Reputation: 3655
I am trying to index a dataframe using a boolean Series similar to here
In [1]: import pandas as pd
In [2]: idx = pd.Index(["USD.CAD", "AUD.NZD", "EUR.USD", "GBP.USD"],
...: name="Currency Pair")
In [3]: pairs = pd.DataFrame({"mean":[3.6,5.1,3.6,2.7], "count":[1,5,8,2]}, index=idx)
In [4]: mask = pairs.reset_index().loc[:,"Currency Pair"].str.contains("USD")
In [5]: pairs.reset_index()[mask]
Out[5]:
Currency Pair count mean
0 USD.CAD 1 3.6
2 EUR.USD 8 3.6
3 GBP.USD 2 2.7
The above works as expected however when I try with the original dataframe without the index reset I get the following error
In [6]: pairs[mask]
C:\Anaconda\lib\site-packages\pandas\core\frame.py:1808: UserWarning: Boolean Series key will be reindexed to match DataFrame index.
"DataFrame index.", UserWarning)
---------------------------------------------------------------------------
IndexingError Traceback (most recent call last)
<ipython-input-6-9eca5ffbdaf7> in <module>()
----> 1 pairs[mask]
C:\Anaconda\lib\site-packages\pandas\core\frame.pyc in __getitem__(self, key)
1772 if isinstance(key, (Series, np.ndarray, Index, list)):
1773 # either boolean or fancy integer index
-> 1774 return self._getitem_array(key)
1775 elif isinstance(key, DataFrame):
1776 return self._getitem_frame(key)
C:\Anaconda\lib\site-packages\pandas\core\frame.pyc in _getitem_array(self, key)
1812 # _check_bool_indexer will throw exception if Series key cannot
1813 # be reindexed to match DataFrame rows
-> 1814 key = _check_bool_indexer(self.index, key)
1815 indexer = key.nonzero()[0]
1816 return self.take(indexer, axis=0, convert=False)
C:\Anaconda\lib\site-packages\pandas\core\indexing.pyc in _check_bool_indexer(ax, key)

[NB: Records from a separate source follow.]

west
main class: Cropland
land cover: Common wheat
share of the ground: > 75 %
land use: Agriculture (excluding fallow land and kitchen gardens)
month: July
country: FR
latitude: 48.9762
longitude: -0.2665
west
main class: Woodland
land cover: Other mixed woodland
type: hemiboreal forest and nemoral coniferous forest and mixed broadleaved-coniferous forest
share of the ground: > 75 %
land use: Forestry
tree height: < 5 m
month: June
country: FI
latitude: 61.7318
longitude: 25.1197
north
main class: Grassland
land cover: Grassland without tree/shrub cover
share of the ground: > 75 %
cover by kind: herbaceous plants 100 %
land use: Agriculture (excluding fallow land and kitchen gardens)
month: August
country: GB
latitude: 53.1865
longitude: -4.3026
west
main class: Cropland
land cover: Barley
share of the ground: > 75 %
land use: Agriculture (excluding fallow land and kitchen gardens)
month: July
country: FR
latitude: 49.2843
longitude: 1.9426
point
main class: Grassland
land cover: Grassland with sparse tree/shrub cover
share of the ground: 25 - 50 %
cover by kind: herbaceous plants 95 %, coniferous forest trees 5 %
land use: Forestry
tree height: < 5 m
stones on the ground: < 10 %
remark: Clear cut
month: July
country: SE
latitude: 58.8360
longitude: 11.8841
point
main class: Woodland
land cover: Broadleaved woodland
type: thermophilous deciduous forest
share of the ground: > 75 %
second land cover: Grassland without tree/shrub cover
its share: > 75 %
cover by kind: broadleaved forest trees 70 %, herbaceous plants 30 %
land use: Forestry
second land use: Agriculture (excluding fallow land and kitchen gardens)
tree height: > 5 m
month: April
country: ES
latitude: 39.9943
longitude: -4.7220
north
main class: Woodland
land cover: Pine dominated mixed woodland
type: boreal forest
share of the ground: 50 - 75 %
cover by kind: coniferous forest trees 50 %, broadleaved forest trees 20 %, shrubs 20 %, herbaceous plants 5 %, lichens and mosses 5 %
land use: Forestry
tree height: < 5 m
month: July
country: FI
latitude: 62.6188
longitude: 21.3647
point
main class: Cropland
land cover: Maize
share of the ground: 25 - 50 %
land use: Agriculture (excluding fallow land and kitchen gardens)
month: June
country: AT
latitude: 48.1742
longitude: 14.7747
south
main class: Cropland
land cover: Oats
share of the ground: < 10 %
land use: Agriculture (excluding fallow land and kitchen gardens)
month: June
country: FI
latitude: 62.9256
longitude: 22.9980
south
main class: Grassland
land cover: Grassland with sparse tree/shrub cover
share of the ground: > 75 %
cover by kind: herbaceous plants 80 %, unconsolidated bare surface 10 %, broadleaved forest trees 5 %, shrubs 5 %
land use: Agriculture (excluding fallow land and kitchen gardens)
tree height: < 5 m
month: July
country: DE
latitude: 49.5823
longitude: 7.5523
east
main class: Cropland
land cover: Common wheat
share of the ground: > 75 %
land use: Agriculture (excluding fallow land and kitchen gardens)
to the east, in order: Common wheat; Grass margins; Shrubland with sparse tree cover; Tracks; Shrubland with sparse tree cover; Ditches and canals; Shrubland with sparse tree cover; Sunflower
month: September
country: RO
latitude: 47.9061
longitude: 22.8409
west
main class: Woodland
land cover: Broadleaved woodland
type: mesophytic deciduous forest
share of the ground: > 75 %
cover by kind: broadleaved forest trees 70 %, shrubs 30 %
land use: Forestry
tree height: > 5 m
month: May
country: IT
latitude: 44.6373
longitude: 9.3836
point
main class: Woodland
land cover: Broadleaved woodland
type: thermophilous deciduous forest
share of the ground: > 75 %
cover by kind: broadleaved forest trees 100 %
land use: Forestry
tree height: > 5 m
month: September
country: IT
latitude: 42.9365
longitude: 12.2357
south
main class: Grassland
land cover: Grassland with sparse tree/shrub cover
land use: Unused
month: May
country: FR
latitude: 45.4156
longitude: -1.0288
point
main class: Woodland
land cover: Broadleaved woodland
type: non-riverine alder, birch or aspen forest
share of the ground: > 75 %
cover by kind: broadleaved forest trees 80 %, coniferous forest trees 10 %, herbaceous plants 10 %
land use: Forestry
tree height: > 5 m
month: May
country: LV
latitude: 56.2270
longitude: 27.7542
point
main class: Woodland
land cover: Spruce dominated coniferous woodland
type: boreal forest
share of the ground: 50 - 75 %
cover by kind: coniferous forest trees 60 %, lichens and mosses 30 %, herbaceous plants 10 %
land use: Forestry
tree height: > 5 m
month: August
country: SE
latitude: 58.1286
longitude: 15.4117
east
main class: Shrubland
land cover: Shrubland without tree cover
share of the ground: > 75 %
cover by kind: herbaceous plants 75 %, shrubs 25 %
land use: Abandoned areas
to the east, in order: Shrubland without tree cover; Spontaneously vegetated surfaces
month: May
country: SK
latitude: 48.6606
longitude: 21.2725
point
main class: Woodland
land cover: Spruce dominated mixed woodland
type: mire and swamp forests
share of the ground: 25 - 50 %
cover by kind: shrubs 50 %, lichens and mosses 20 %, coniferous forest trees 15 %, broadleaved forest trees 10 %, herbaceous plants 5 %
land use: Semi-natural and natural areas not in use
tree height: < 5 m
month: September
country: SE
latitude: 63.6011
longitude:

1637 mask = com.isnull(result.values)
1638 if mask.any():
-> 1639 raise IndexingError('Unalignable boolean Series key provided')
1640
1641 result = result.astype(bool).values
IndexingError: Unalignable boolean Series key provided
I am confused by this error since my impression was this was an error received if the boolean index length differed from that of the dataframe? Which is not the case as can be seen below.
In [7]: len(mask)
Out[7]: 4
In [8]: len(pairs)
Out[8]: 4
In [9]: len(pairs.reset_index())
Out[9]: 4
Upvotes: 1
Views: 11624
Reputation: 3513
You could use a mask generated from the index directly.
In [22]: mask = pairs.index.str.contains("USD")
In [23]: pairs[mask]
Out[23]:
count mean
Currency Pair
USD.CAD 1 3.6
EUR.USD 8 3.6
GBP.USD 2 2.7
No need to reindex anything.
Upvotes: 2
Reputation: 3655
I figured I would put down the solution @EdChum indicated in the comments. The issue as he indicated was that the mask.index does not agree with pairs.index. Replacing the index of mask with the index from pairs we get the expected behaviour.
In[10]: mask.index = pairs.index.copy()
In[11]: pairs[mask]
Out[11]:
count mean
Currency Pair
USD.CAD 1 3.6
EUR.USD 8 3.6
GBP.USD 2 2.7
Upvotes: 4